EXERCISE PROMPT
Gather every line below where "order" appears.

------ MATERIAL SHOWN ------

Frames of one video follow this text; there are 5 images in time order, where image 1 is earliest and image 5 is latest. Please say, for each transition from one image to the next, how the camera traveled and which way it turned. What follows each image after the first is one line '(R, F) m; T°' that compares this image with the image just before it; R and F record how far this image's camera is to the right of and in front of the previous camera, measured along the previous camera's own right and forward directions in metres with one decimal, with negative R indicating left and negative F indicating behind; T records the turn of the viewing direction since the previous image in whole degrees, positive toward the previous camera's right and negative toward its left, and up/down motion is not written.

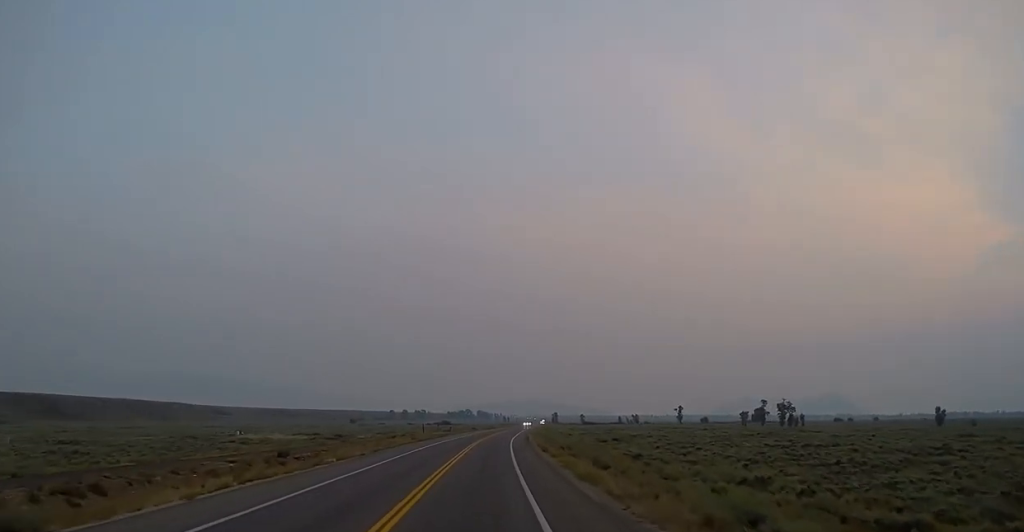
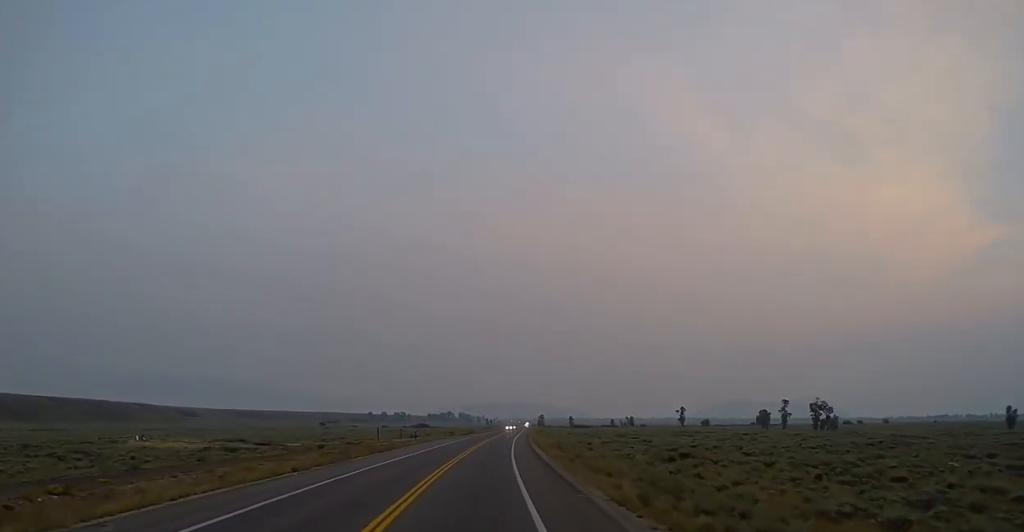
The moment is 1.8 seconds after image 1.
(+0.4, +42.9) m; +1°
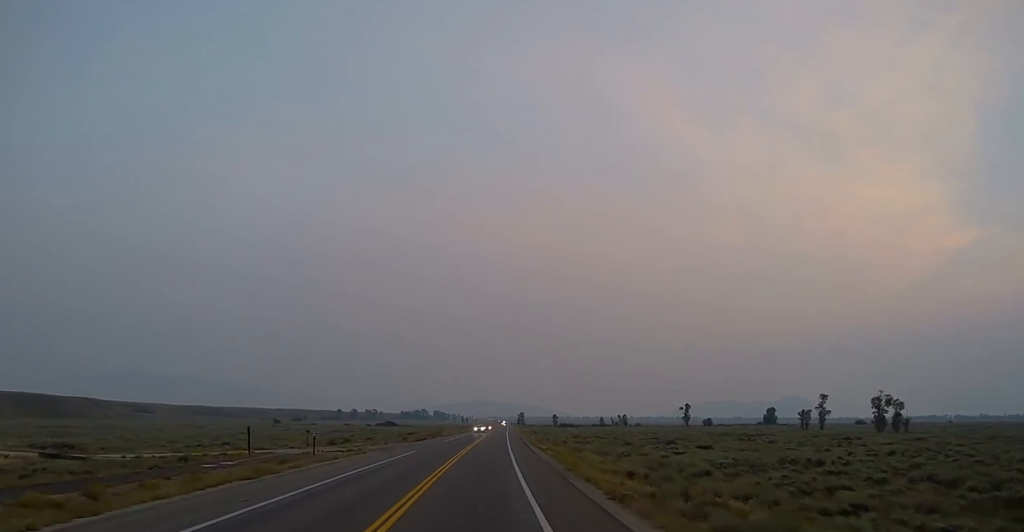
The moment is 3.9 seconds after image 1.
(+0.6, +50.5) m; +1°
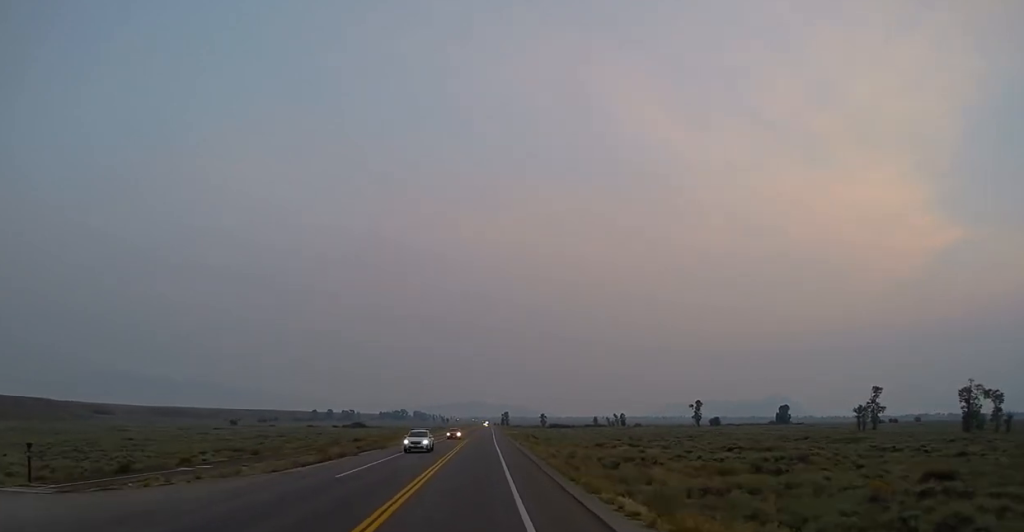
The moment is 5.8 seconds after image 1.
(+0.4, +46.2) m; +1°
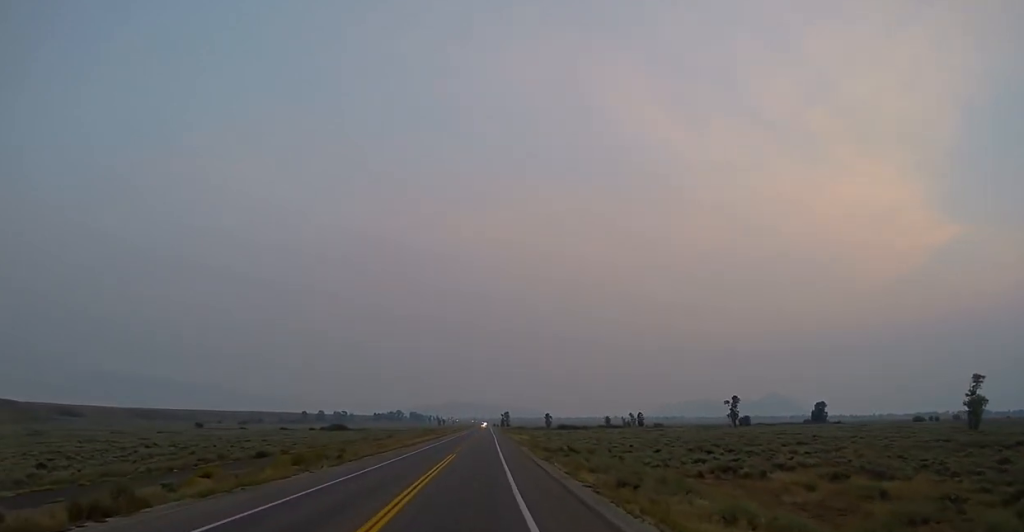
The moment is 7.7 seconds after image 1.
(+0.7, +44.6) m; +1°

------
------ MATERIAL SHOWN ------

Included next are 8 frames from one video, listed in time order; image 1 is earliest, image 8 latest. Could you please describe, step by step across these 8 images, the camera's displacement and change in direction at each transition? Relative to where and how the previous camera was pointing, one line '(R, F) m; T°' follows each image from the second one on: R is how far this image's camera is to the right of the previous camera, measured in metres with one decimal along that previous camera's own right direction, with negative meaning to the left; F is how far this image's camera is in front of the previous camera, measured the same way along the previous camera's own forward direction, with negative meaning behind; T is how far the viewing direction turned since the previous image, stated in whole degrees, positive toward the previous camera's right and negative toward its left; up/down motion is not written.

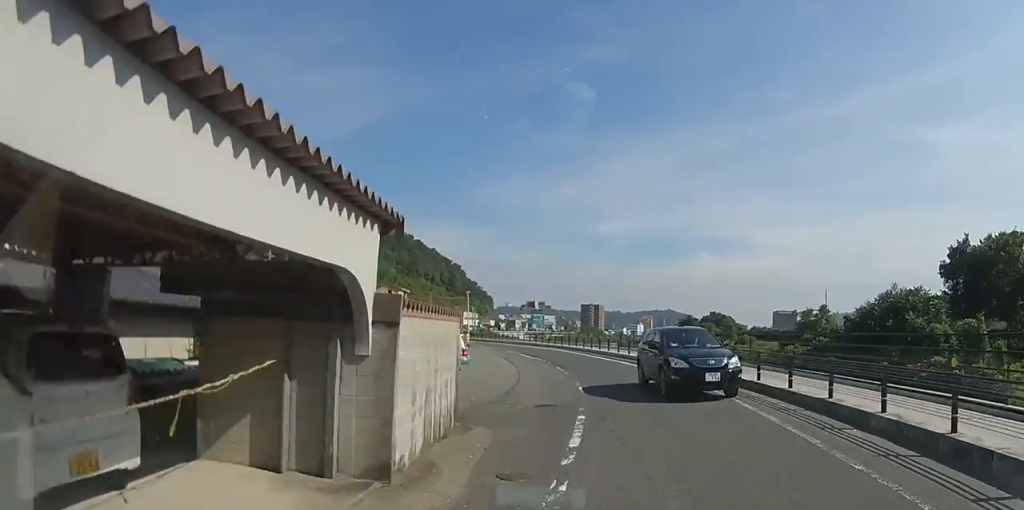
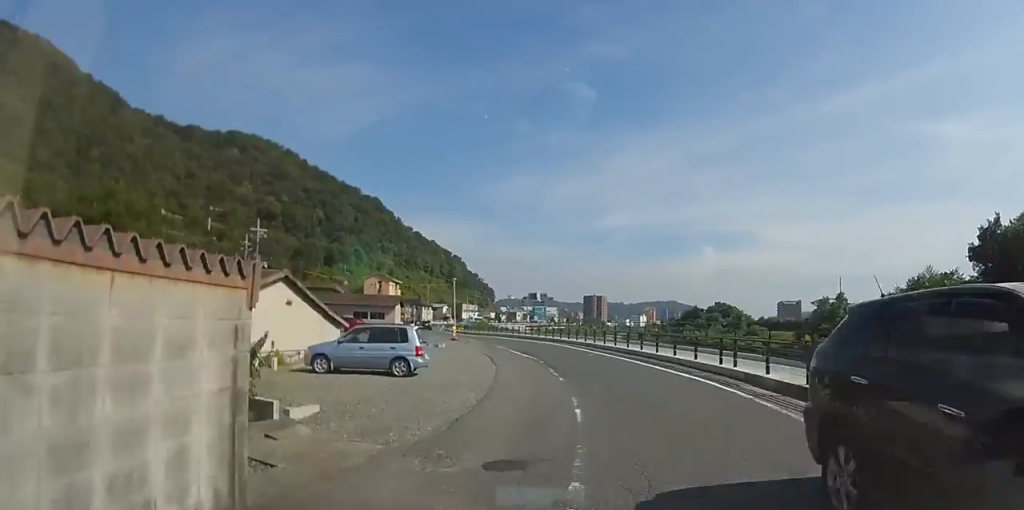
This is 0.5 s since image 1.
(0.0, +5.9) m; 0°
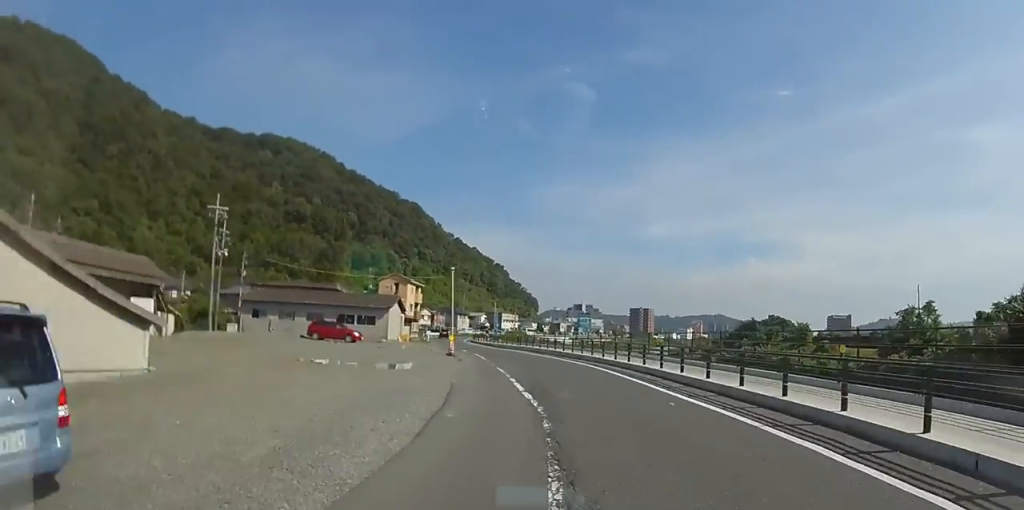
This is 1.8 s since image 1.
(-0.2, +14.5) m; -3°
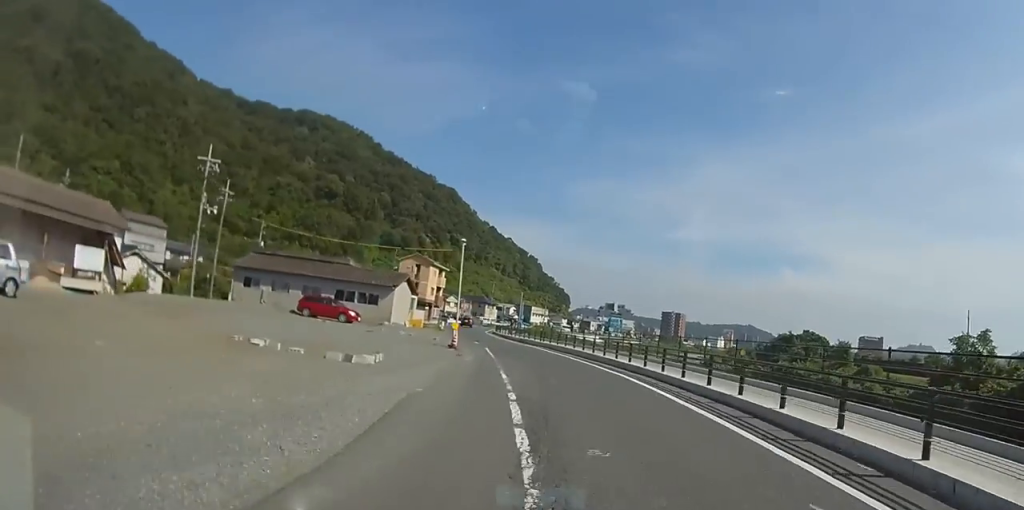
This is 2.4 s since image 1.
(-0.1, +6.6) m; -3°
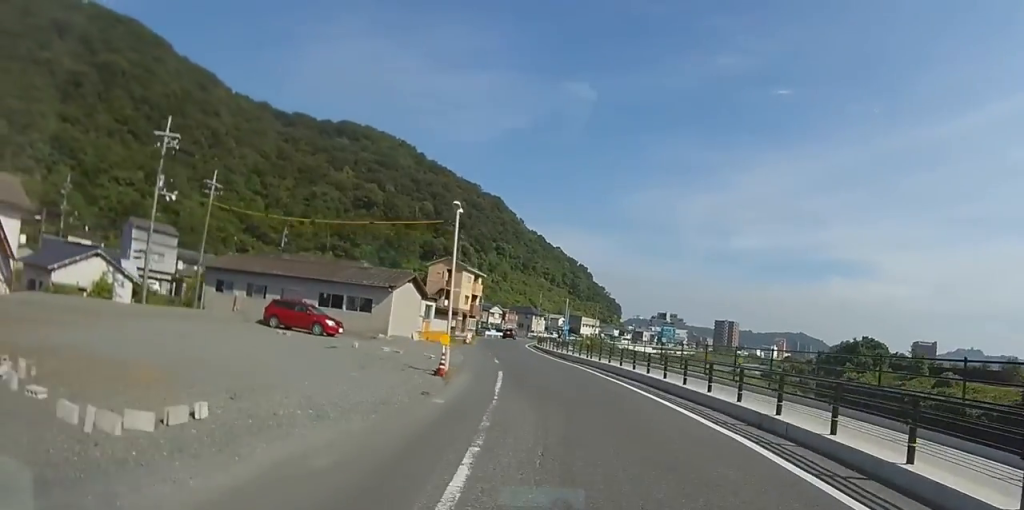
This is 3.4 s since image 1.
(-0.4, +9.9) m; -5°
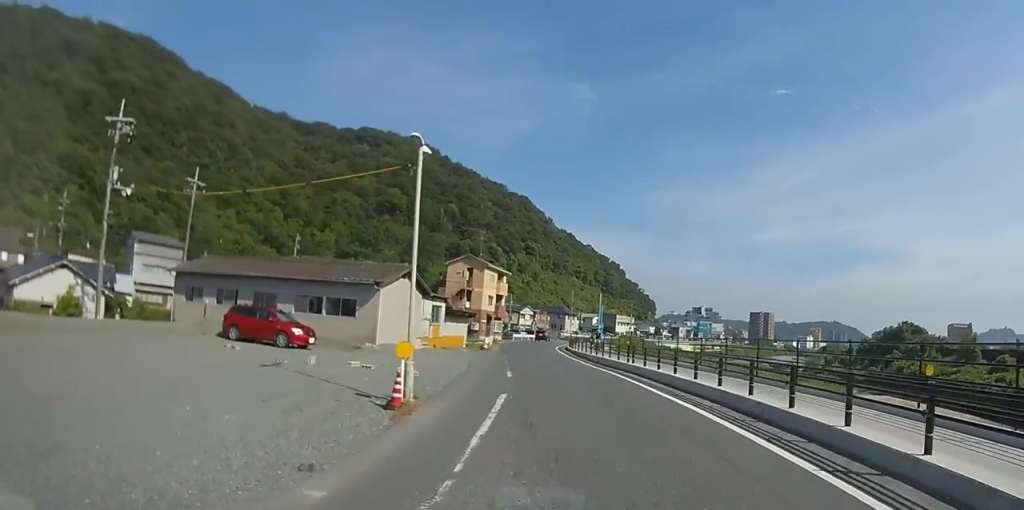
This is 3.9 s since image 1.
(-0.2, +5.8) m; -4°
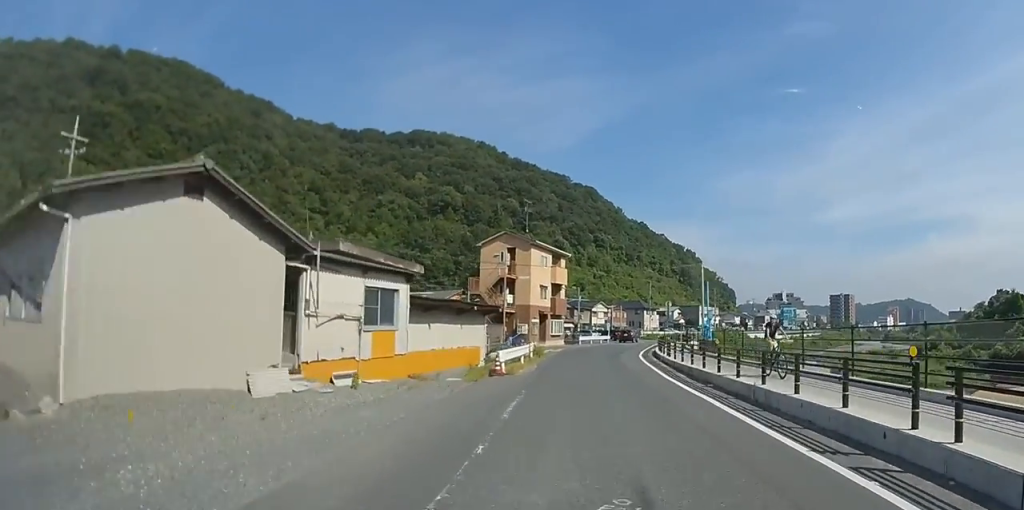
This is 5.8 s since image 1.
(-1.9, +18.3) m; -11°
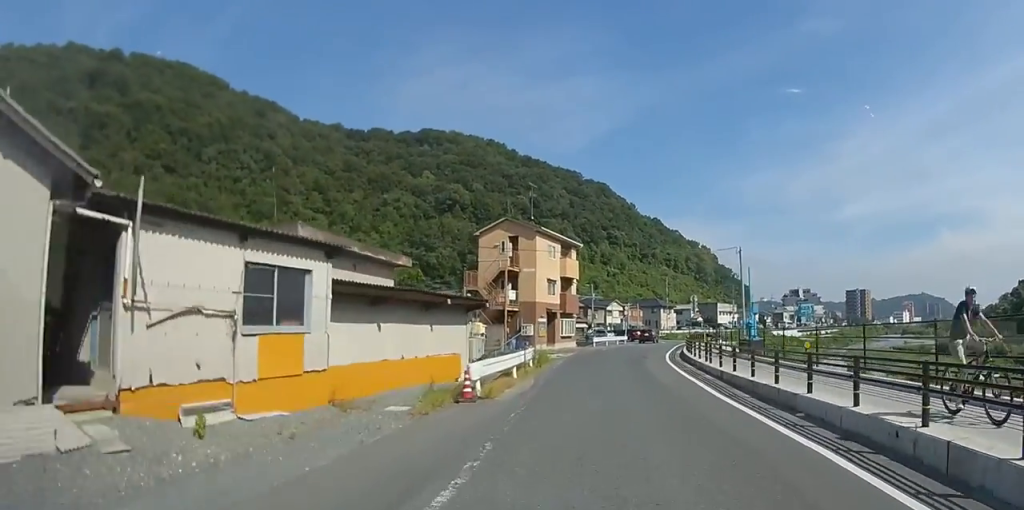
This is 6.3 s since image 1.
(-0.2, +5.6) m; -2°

------

EXPECTED ANSWER
Frames of one video follow this text; there are 5 images in time order, where image 1 is earliest and image 5 is latest. Please say, for each transition from one image to the next, how the camera traveled and which way it turned. What follows each image after the first is one line '(R, F) m; T°' that compares this image with the image just before it; R and F record how far this image's camera is to the right of and in front of the previous camera, measured along the previous camera's own right and forward directions in metres with one decimal, with negative R indicating left and negative F indicating behind; T records the turn of the viewing direction since the previous image in whole degrees, positive toward the previous camera's right and negative toward its left, and up/down motion is not written.
Included next are 8 frames from one video, listed in time order; image 1 is earliest, image 8 latest. Could you please describe, step by step across these 8 images, the camera's displacement and change in direction at each transition? Relative to where and how the previous camera was pointing, one line '(R, F) m; T°' follows each image from the second one on: R is how far this image's camera is to the right of the previous camera, measured in metres with one decimal along that previous camera's own right direction, with negative meaning to the left; F is how far this image's camera is in front of the previous camera, measured the same way along the previous camera's own forward direction, with negative meaning behind; T is how far the viewing direction turned since the previous image, stated in whole degrees, positive toward the previous camera's right and negative toward its left; up/down motion is not written.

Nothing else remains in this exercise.